What is expected - Word for word, restate the listing; omit the pictures.

==================================================

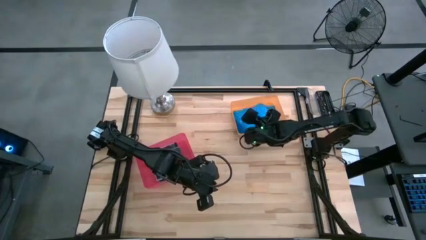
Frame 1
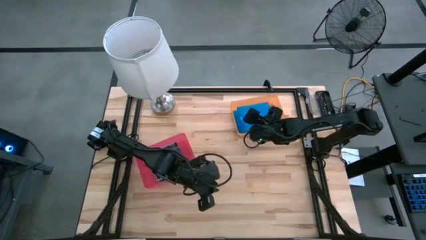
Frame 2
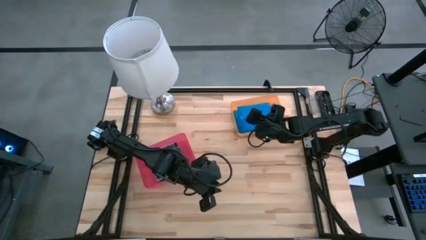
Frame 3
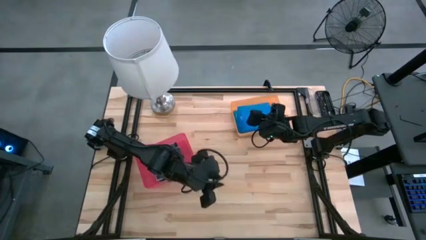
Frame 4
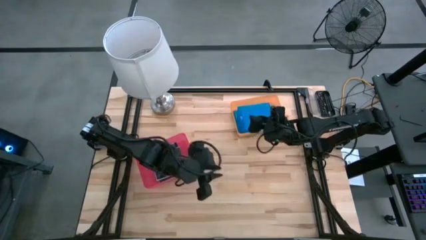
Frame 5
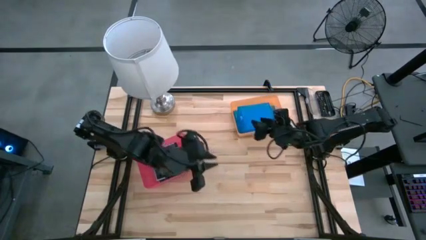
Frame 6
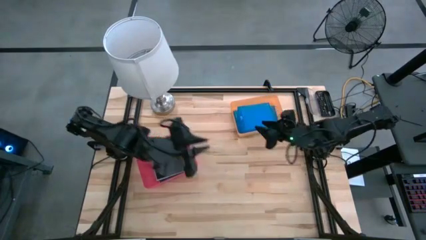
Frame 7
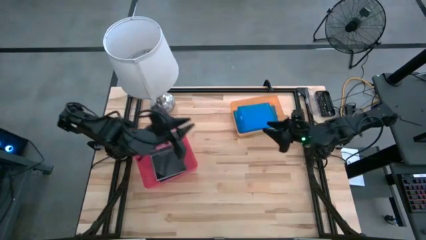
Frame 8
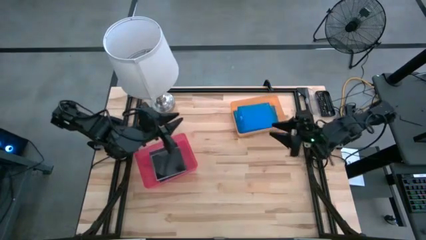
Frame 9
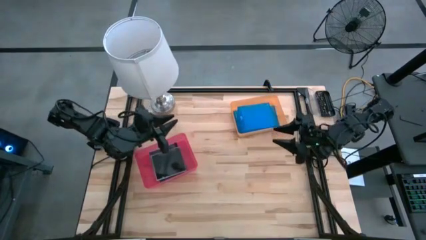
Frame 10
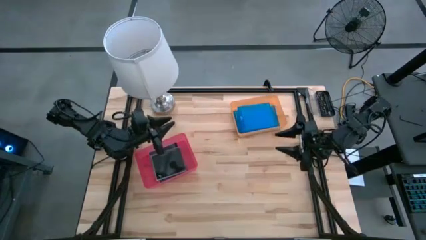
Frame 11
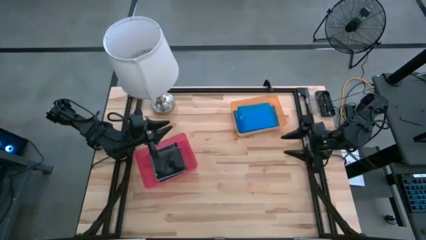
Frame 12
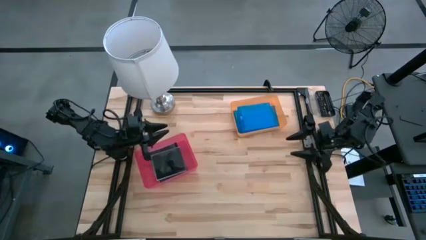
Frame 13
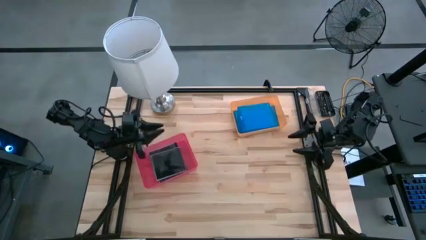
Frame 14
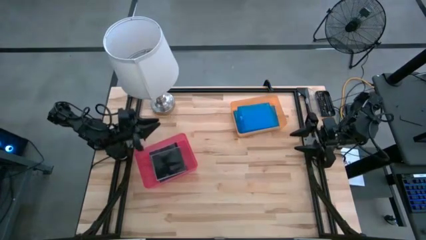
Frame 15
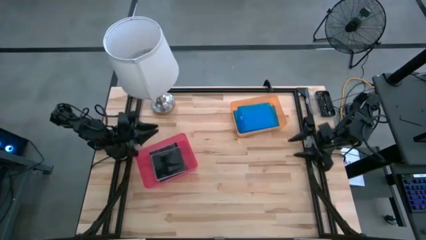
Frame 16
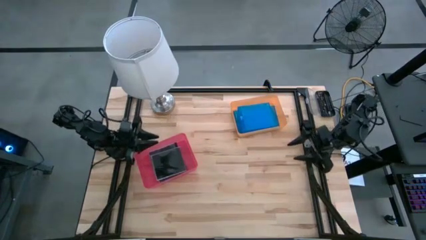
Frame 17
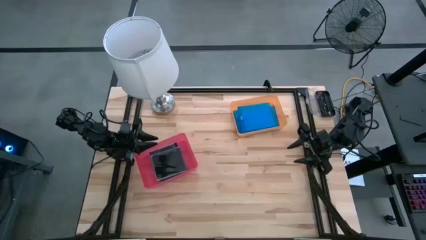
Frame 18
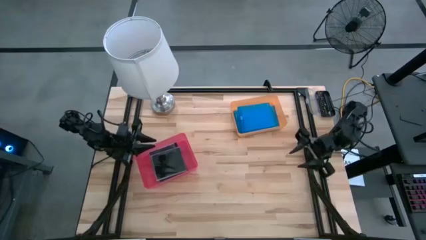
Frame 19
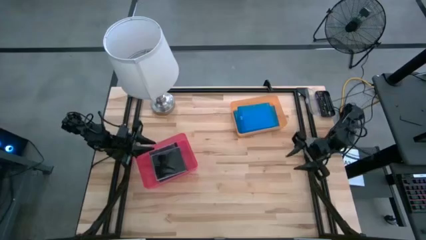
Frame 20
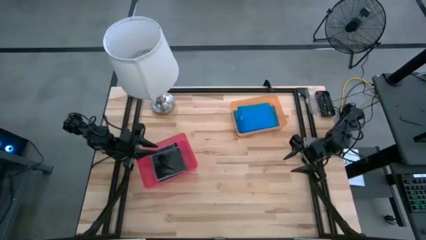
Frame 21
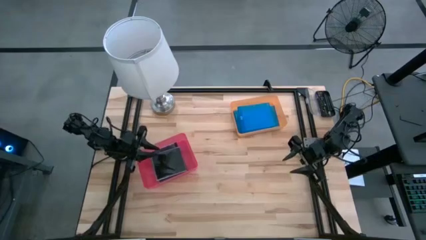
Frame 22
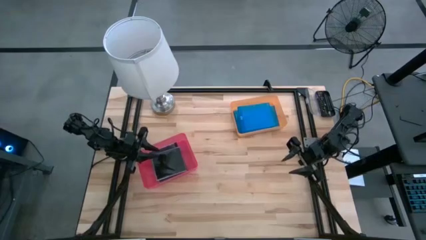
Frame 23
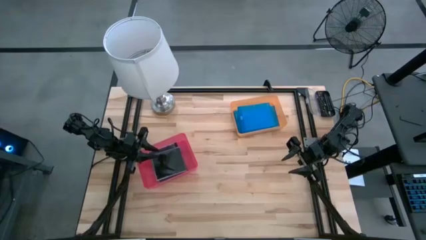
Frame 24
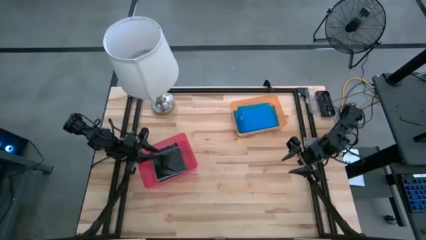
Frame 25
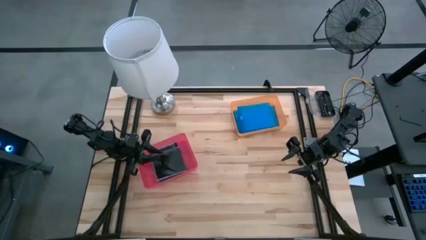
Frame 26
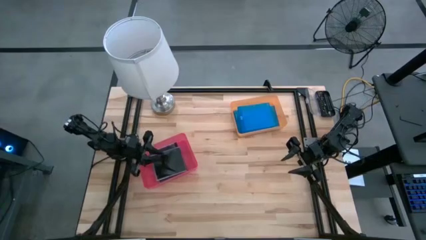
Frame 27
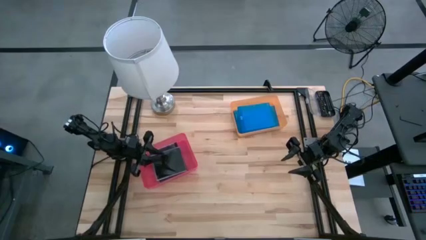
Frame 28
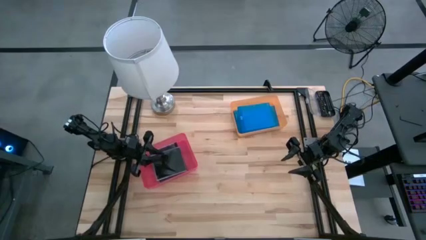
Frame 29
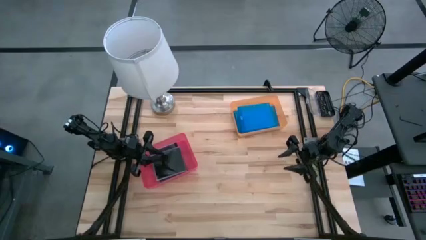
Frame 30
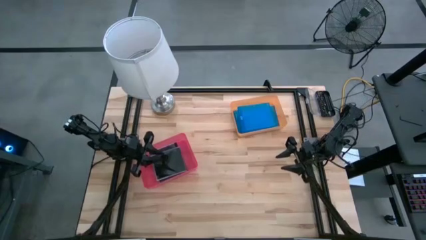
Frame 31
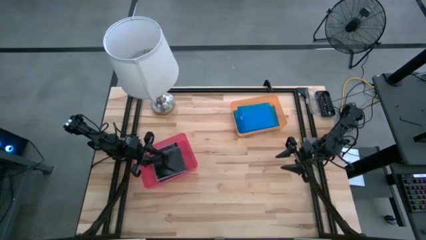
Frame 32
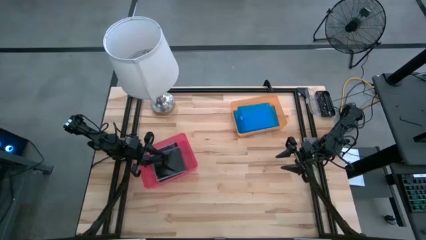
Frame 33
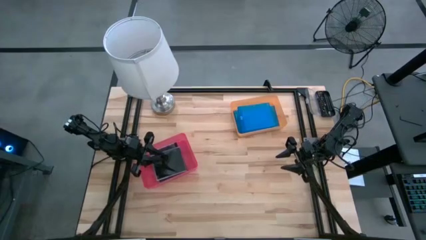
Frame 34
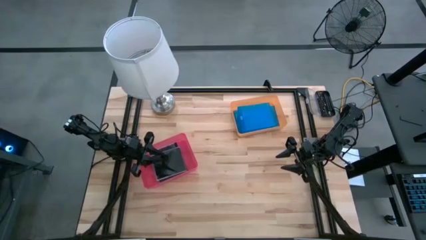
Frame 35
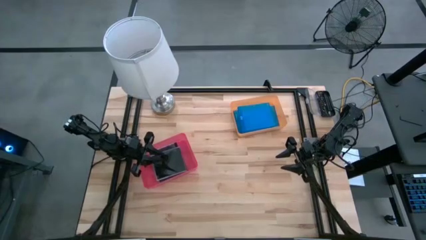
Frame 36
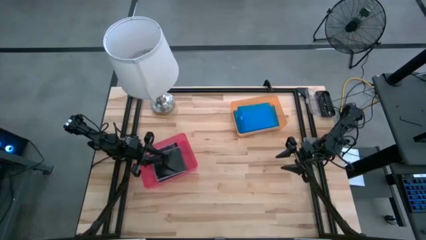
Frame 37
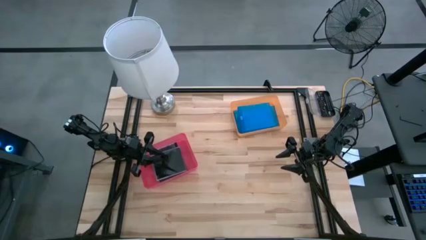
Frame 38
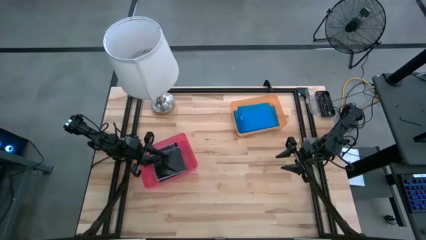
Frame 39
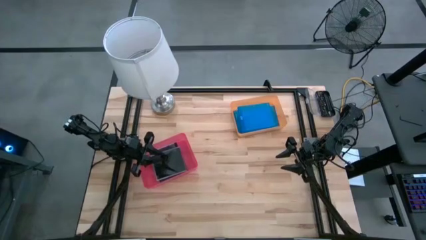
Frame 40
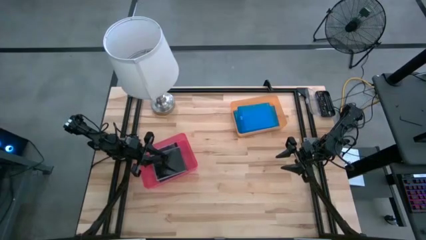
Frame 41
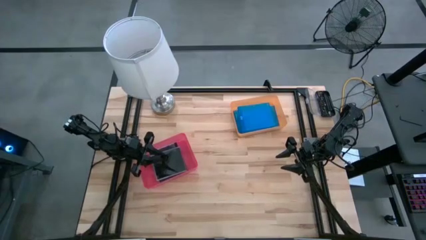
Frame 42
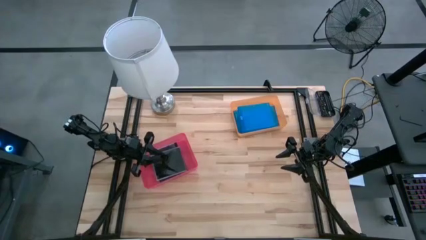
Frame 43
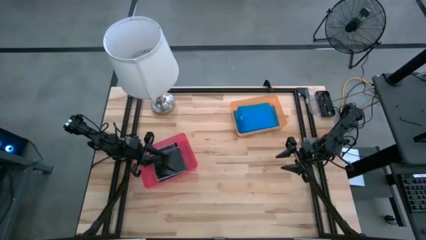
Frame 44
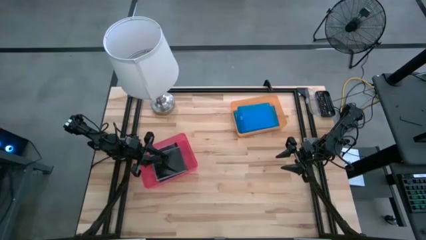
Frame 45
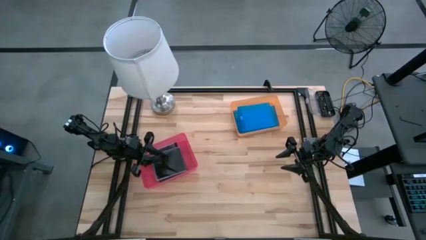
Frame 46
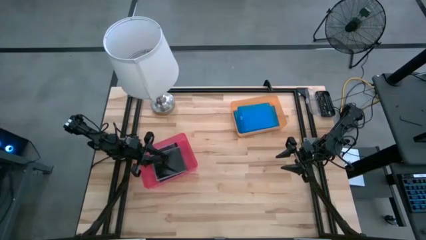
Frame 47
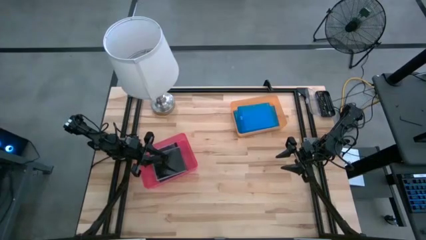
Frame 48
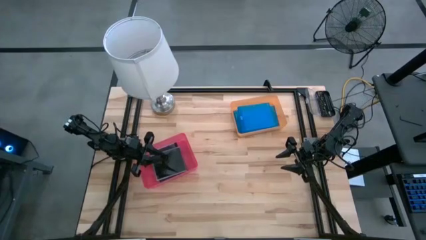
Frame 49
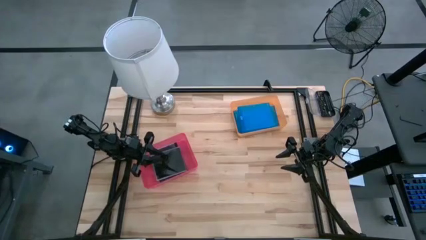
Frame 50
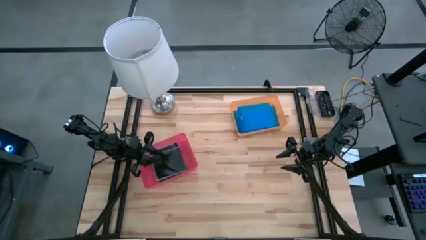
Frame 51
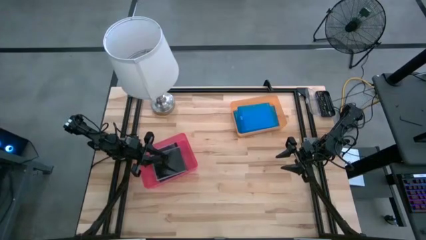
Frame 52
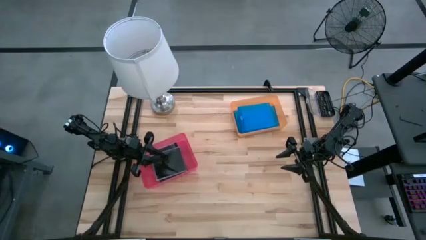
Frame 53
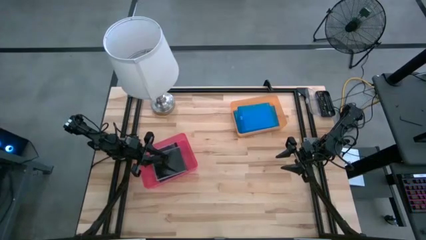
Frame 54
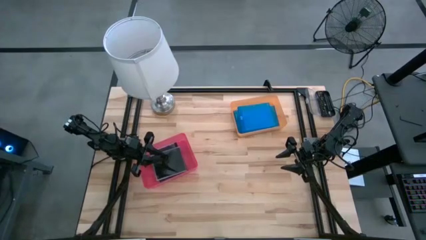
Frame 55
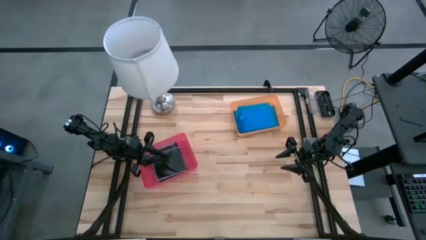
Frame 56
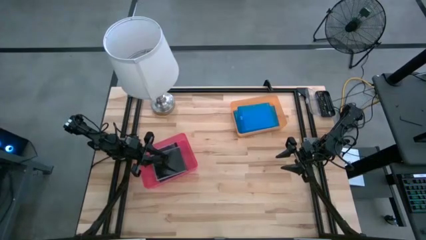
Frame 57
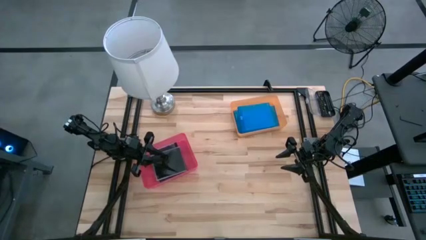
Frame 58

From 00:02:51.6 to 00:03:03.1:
Task: Pick & place jewel cases by type
Return to Home Position

==================================================

Solution to this task -
Frame 1
Frame 2
Frame 3
Frame 4
Frame 5
Frame 6
Frame 7
Frame 8
Frame 9
Frame 10
Frame 11
Frame 12
Frame 13
Frame 14
Frame 15
Frame 16
Frame 17
Frame 18
Frame 19
Frame 20
Frame 21
Frame 22
Frame 23
Frame 24
Frame 25
Frame 26
Frame 27
Frame 28
Frame 29
Frame 30
Frame 31
Frame 32
Frame 33
Frame 34
Frame 35
Frame 36
Frame 37
Frame 38
Frame 39
Frame 40
Frame 41
Frame 42
Frame 43
Frame 44
Frame 45
Frame 46
Frame 47
Frame 48
Frame 49
Frame 50
Frame 51
Frame 52
Frame 53
Frame 54
Frame 55
Frame 56
Frame 57
Frame 58

From 00:02:51.6 to 00:03:03.1:
Task: Pick & place jewel cases by type
Return to Home Position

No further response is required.